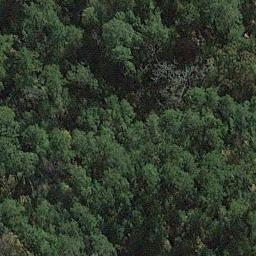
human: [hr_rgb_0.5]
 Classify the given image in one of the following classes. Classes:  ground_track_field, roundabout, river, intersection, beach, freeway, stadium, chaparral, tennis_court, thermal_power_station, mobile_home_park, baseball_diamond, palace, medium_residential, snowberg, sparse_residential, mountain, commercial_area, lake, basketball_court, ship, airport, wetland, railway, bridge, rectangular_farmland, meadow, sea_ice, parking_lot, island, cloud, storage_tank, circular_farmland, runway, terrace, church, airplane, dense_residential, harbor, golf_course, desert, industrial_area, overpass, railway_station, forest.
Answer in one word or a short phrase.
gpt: forest
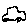
Label: car
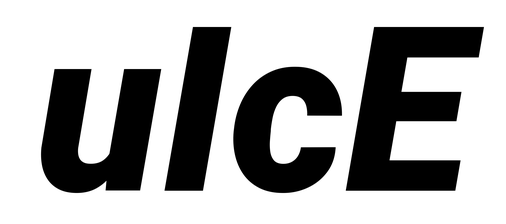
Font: Roboto-Italic_Black_Italic
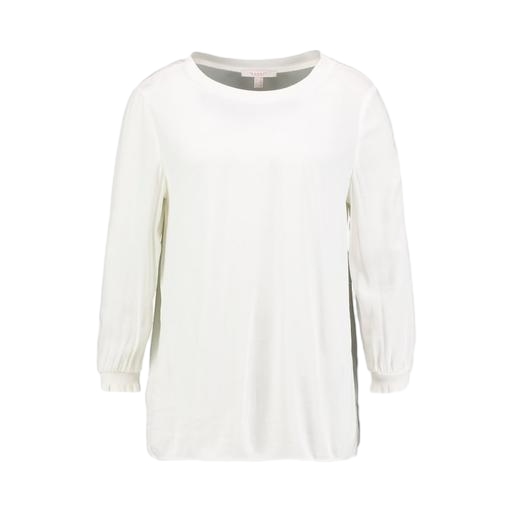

------------------------------------------------------------

What the task requires: Each line from the first line of the records through the line containing "Classify the given" must be reproduced exactly, with both ends included and all pictures omitted; nothing else belongs in the answer.

Solution to the exercise:
human: [hr_rgb_0.5]
 Classify the given image in one of the following classes. Classes:  ground_track_field, roundabout, river, intersection, beach, freeway, stadium, chaparral, tennis_court, thermal_power_station, mobile_home_park, baseball_diamond, palace, medium_residential, snowberg, sparse_residential, mountain, commercial_area, lake, basketball_court, ship, airport, wetland, railway, bridge, rectangular_farmland, meadow, sea_ice, parking_lot, island, cloud, storage_tank, circular_farmland, runway, terrace, church, airplane, dense_residential, harbor, golf_course, desert, industrial_area, overpass, railway_station, forest.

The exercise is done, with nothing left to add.